Day Eight of Noirvember: Top 10 Films Noirs of 1947

You’ve heard that 1939 is one of the best, if not THE best, year for classic film, right? Well, for film noir, that year is often said to be 1947.

I’ve never actually done a year-by-year analysis of the features released during the classic noir period (I really will have to do that one day), so until I do, I’m buying into the 1947 hype. For today’s celebration of Noirvember, I’m offering up my Top 10 films of 1947 (in no particular order). Check ‘em out!

What Top 10 noir list DOESN'T include Out of the Past?

What Top 10 noir list DOESN’T include Out of the Past?

Out of the Past

This one is kind of a no-brainer.
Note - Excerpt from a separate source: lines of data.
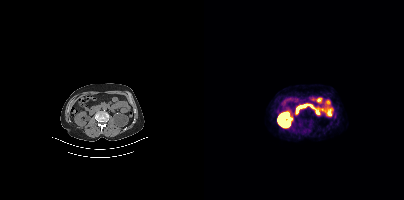
{"modality":"PSMA PET/CT","view":"axial","tracer":"68Ga-PSMA","pet_grid":[200,200],"coord_frame":"pet_panel","coord_format":"x0,y0,x1,y1","psma_avid_lesions":false}
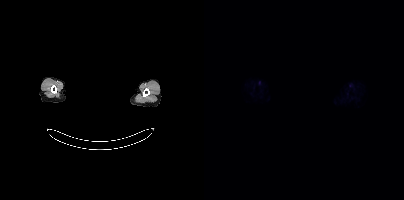
{"modality":"PSMA PET/CT","view":"axial","tracer":"18F","pet_grid":[200,200],"coord_frame":"pet_panel","coord_format":"x0,y0,x1,y1","psma_avid_lesions":false,"de-identification":"face masked with black rectangle"}
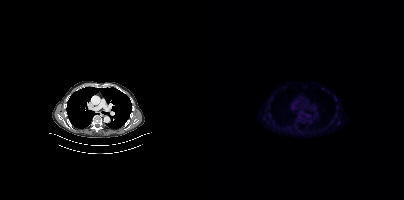
{"modality":"PSMA PET/CT","view":"axial","tracer":"[18F]PSMA-1007","pet_grid":[200,200],"coord_frame":"pet_panel","coord_format":"x0,y0,x1,y1","psma_avid_lesions":false}
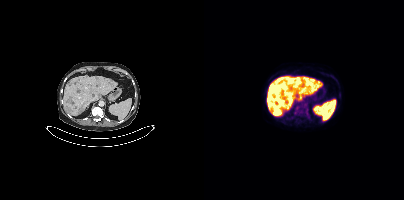
Technique: Left: CT. Right: PSMA PET, same axial level, [18F]PSMA-1007 tracer. acquired on Siemens Biograph mCT Flow 20. slice position z = -1207 mm.
Findings: Coordinates are on the 200×200 PET (right) panel. PSMA-avid tumor lesion bounding boxes (x0, y0)-(x1, y1): (66, 106)-(75, 114); (65, 97)-(71, 104); (93, 77)-(98, 81); (92, 107)-(96, 112).
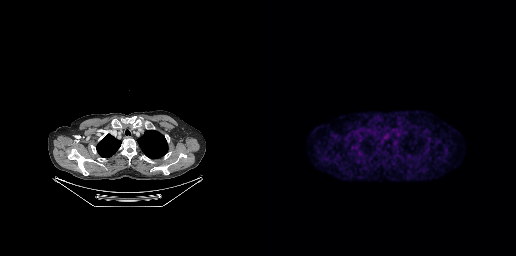
Negative for PSMA-avid disease on this slice.
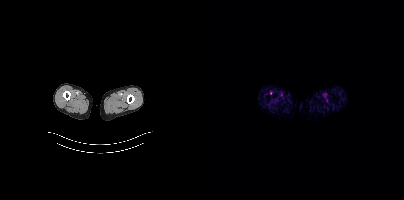
{"modality":"PSMA PET/CT","view":"axial","tracer":"18F","pet_grid":[200,200],"coord_frame":"pet_panel","coord_format":"x0,y0,x1,y1","psma_avid_lesions":false}

Frequently cited as the quintessential noir (although I beg to differ, because Double Indemnity, hello?), OOTP was a box-office hit that was described by one critic as a “taut and suspenseful melodrama” and hailed by another as “a flashy addition to the tough-guy archives.” Told mostly in flashback, the film focuses primarily on a triangle of love and murder involving private dick Jeff Bailey (Robert Mitchum), mobster Whit Sterling (Kirk Douglas), and Whit’s duplicitous girlfriend Kathie Moffat (Jane Greer), for whom Jeff forms an irrevocable and, ultimately, fatal attraction.

Memorable quote: “You’re like a leaf that the wind blows from one gutter to another.” Jeff Bailey (Robert Mitchum)

Nora Prentiss

This little-seen noir is one of my all-time favorites. It stars Kent Smith as Richard Talbot, a San Francisco doctor who puts a spark in his humdrum, regimented life when he falls for local nightclub singer Nora Prentiss (Ann Sheridan). When Nora gets fed up with being the other woman, Richard pulls out all the stops in his efforts to keep her in his life – and you’ve got to see it to believe what he comes up with! The  film is the one I always have in mind when I say “they don’t make ‘em like they used to.”

Trivia tibit: According to popular columnist Sheilah Graham, Ann Sheridan suffered from an infection in one ear during the film’s production, and during the final shots of the feature, could only be filmed from one side.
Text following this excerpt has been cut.